The avconv
incantation required to put text on frames extracted from a video file looks like this (it’s all on one line, so you’ll need some side scrolling action):
avconv -ss 00:11:47 -i /mnt/backup/Video/2014-09-08/MAH00070.MP4 -t 1 -f image2 -q 1 -vf "drawtext=fontfile=/usr/share/fonts/truetype/ttf-dejavu/DejaVuSansMono.ttf : text='2014-09-08 10\:58\:47' : fontcolor=white : fontsize=60 : box=1 : boxcolor=black@0.7 : x=1200 : y=30" MAH00070-001147-%03d.jpg
That’s applying some hints to the rather succinct drawtext
doc.
The -ss 00:11:47
sets the starting time relative to the beginning of the file, so it’s an offset that, when added to the file start time in the Exif metadata, produces the actual time-of-day. The extracted frames begin at the closest “seek point”, which I presume will be pretty close to the specified second. The -accurate_seek
option may be relevant. Verifying all that could be tricky.
The -t 1
specifies the duration. Each second produces 60 frames, numbered from 001
to 060
in the output filename, as defined by the %03d
in the output filename format string.
The -vf "drawtext="
gibberish does the actual text overlay, with all the parameters tucked inside the double quotes.
You must escape all colons in the text
string (as '10\:58\:47'
, note the single quotes), because unescaped colons separate the drawtext
options.
The fontsize
seems to be in pixels with an upper limit of 72.
The boxcolor
rectangle just barely covers the characters; there’s no way to enlarge it just a few more pixels to make a nice frame. The fraction at the end of black@0.7
string produces 70% opacity.
I manually added the actual starting time (10:47) to the offset time for each segment (previewed with vlc
), jammed that into the avconv
command, and extracted some interesting frames from a recent ride…
I get plenty of clearance while approaching an intersection, which is pleasant:

Absorbed in something on the passenger seat while I’m trackstanding the ‘bent and watching the brake lights:

The turn signal goes on just after acceleration commences:

Because I never pass on the right, I didn’t participate in a classic right hook:

The traffic signal goes yellow as I cross the walk ladder, with the tail of the SUV visible beyond the crosswalk on the right.

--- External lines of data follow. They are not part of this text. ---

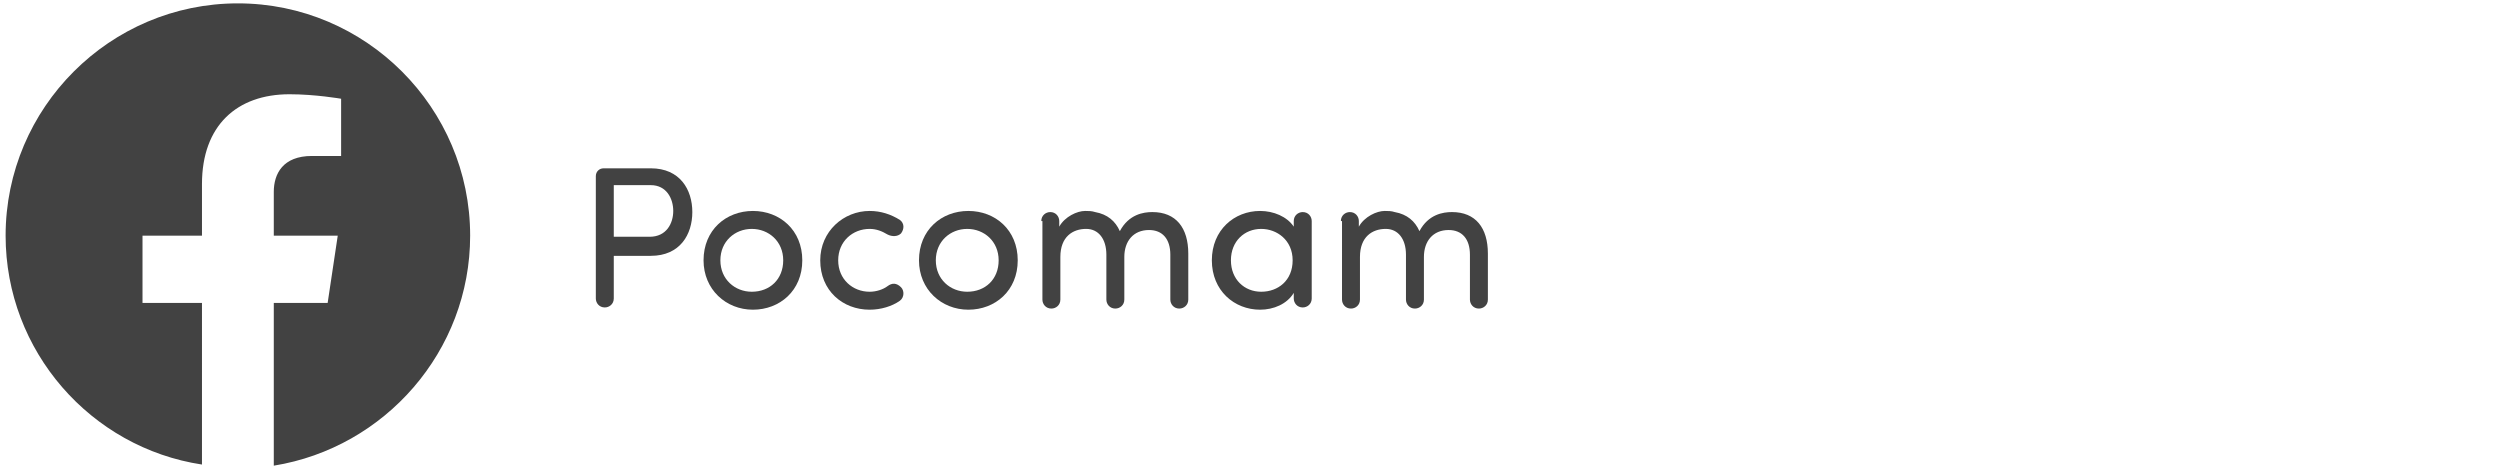 <?xml version="1.0" encoding="utf-8"?>
<!-- Generator: Adobe Illustrator 26.0.0, SVG Export Plug-In . SVG Version: 6.00 Build 0)  -->
<svg version="1.1" id="Vrstva_1" xmlns="http://www.w3.org/2000/svg" xmlns:xlink="http://www.w3.org/1999/xlink" x="0px" y="0px"
	 viewBox="0 0 222.8 42.1" style="enable-background:new 0 0 222.8 42.1;" xml:space="preserve">
<style type="text/css">
	.st0{fill:#424242;}
</style>
<g>
	<path class="st0" d="M54.7,26.6c0,0.5-0.4,0.8-0.8,0.8c-0.5,0-0.8-0.4-0.8-0.8V15.7c0-0.4,0.3-0.7,0.7-0.7H58
		c2.6,0,3.7,1.9,3.7,3.9c0,2-1.1,3.9-3.7,3.9h-3.3V26.6z M54.7,16.5v4.6h3.2c1.5,0,2.1-1.2,2.1-2.3c0-1.1-0.6-2.3-2-2.3H54.7z"/>
	<path class="st0" d="M62.7,23.2c0-2.7,2-4.4,4.4-4.4c2.4,0,4.4,1.7,4.4,4.4c0,2.7-2,4.4-4.4,4.4C64.7,27.6,62.7,25.8,62.7,23.2z
		 M69.8,23.2c0-1.7-1.3-2.8-2.8-2.8c-1.5,0-2.8,1.1-2.8,2.8c0,1.7,1.3,2.8,2.8,2.8C68.6,26,69.8,24.9,69.8,23.2z"/>
	<path class="st0" d="M77.5,26c0.6,0,1.2-0.2,1.6-0.5c0.4-0.3,0.8-0.3,1.2,0.1c0.3,0.3,0.3,0.9-0.1,1.2c-0.7,0.5-1.7,0.8-2.7,0.8
		c-2.4,0-4.4-1.7-4.4-4.4c0-2.6,2.1-4.4,4.4-4.4c1,0,1.9,0.3,2.7,0.8c0.4,0.3,0.4,0.8,0.1,1.2c-0.3,0.3-0.8,0.3-1.2,0.1
		c-0.5-0.3-1-0.5-1.6-0.5c-1.5,0-2.8,1.1-2.8,2.8C74.7,24.9,76,26,77.5,26z"/>
	<path class="st0" d="M81.9,23.2c0-2.7,2-4.4,4.4-4.4c2.4,0,4.4,1.7,4.4,4.4c0,2.7-2,4.4-4.4,4.4C83.9,27.6,81.9,25.8,81.9,23.2z
		 M89,23.2c0-1.7-1.3-2.8-2.8-2.8c-1.5,0-2.8,1.1-2.8,2.8c0,1.7,1.3,2.8,2.8,2.8C87.8,26,89,24.9,89,23.2z"/>
	<path class="st0" d="M92.8,19.7c0-0.5,0.4-0.8,0.8-0.8c0.5,0,0.8,0.4,0.8,0.8v0.5c0.5-0.9,1.6-1.4,2.3-1.4c0.3,0,0.6,0,0.9,0.1
		c1.1,0.2,1.8,0.8,2.2,1.7c0.8-1.5,2.1-1.7,2.9-1.7c2.1,0,3.2,1.4,3.2,3.7v4.1c0,0.5-0.4,0.8-0.8,0.8c-0.5,0-0.8-0.4-0.8-0.8v-4
		c0-1.4-0.7-2.2-1.9-2.2c-1.4,0-2.2,1-2.2,2.4v3.8c0,0.5-0.4,0.8-0.8,0.8c-0.5,0-0.8-0.4-0.8-0.8v-4c0-1.4-0.7-2.3-1.8-2.3
		c-1.2,0-2.3,0.7-2.3,2.5v3.8c0,0.5-0.4,0.8-0.8,0.8c-0.5,0-0.8-0.4-0.8-0.8V19.7z"/>
	<path class="st0" d="M115.3,26.1c-0.6,1-1.8,1.5-3,1.5c-2.3,0-4.3-1.7-4.3-4.4c0-2.7,2-4.4,4.3-4.4c1.2,0,2.4,0.5,3,1.4v-0.5
		c0-0.5,0.4-0.8,0.8-0.8c0.5,0,0.8,0.4,0.8,0.8v6.9c0,0.5-0.4,0.8-0.8,0.8c-0.5,0-0.8-0.4-0.8-0.8V26.1z M112.4,20.4
		c-1.5,0-2.7,1.1-2.7,2.8c0,1.7,1.2,2.8,2.7,2.8c1.5,0,2.8-1,2.8-2.8C115.2,21.4,113.8,20.4,112.4,20.4z"/>
	<path class="st0" d="M119.5,19.7c0-0.5,0.4-0.8,0.8-0.8c0.5,0,0.8,0.4,0.8,0.8v0.5c0.5-0.9,1.6-1.4,2.3-1.4c0.3,0,0.6,0,0.9,0.1
		c1.1,0.2,1.8,0.8,2.2,1.7c0.8-1.5,2.1-1.7,2.9-1.7c2.1,0,3.2,1.4,3.2,3.7v4.1c0,0.5-0.4,0.8-0.8,0.8c-0.5,0-0.8-0.4-0.8-0.8v-4
		c0-1.4-0.7-2.2-1.9-2.2c-1.4,0-2.2,1-2.2,2.4v3.8c0,0.5-0.4,0.8-0.8,0.8c-0.5,0-0.8-0.4-0.8-0.8v-4c0-1.4-0.7-2.3-1.8-2.3
		c-1.2,0-2.3,0.7-2.3,2.5v3.8c0,0.5-0.4,0.8-0.8,0.8c-0.5,0-0.8-0.4-0.8-0.8V19.7z"/>
</g>
<g>
	<g>
		<g>
			<path class="st0" d="M41.9,21c0-11.4-9.3-20.7-20.7-20.7C9.8,0.3,0.5,9.6,0.5,21c0,10.3,7.6,18.9,17.5,20.4V27h-5.3v-6H18v-4.6
				c0-5.2,3.1-8,7.8-8c2.3,0,4.6,0.4,4.6,0.4v5.1h-2.6c-2.6,0-3.4,1.6-3.4,3.2V21h5.7l-0.9,6h-4.8v14.5C34.3,39.9,41.9,31.3,41.9,21
				z"/>
		</g>
	</g>
</g>
</svg>

The green-to-yellow transition takes 10 frames = 1/6 second and this image shows the half-intensity point of both incandescent bulbs:

The rest of the ride seemed less eventful.
Frankly, that’s way too much handwork for the results in the upper-right corner. I think a better way starts with extracting unannotated frames from the video, then slapping timestamps on them using ImageMagick, calculating and feeding it the appropriate values for each frame.
Putting the annotation up in the sky seems better than near the bottom corners, if only because images of the pavement might actually be useful. The timestamp needs the frame number and I think splitting it into two shorter sections (date and time) in the left and right upper corners might work better.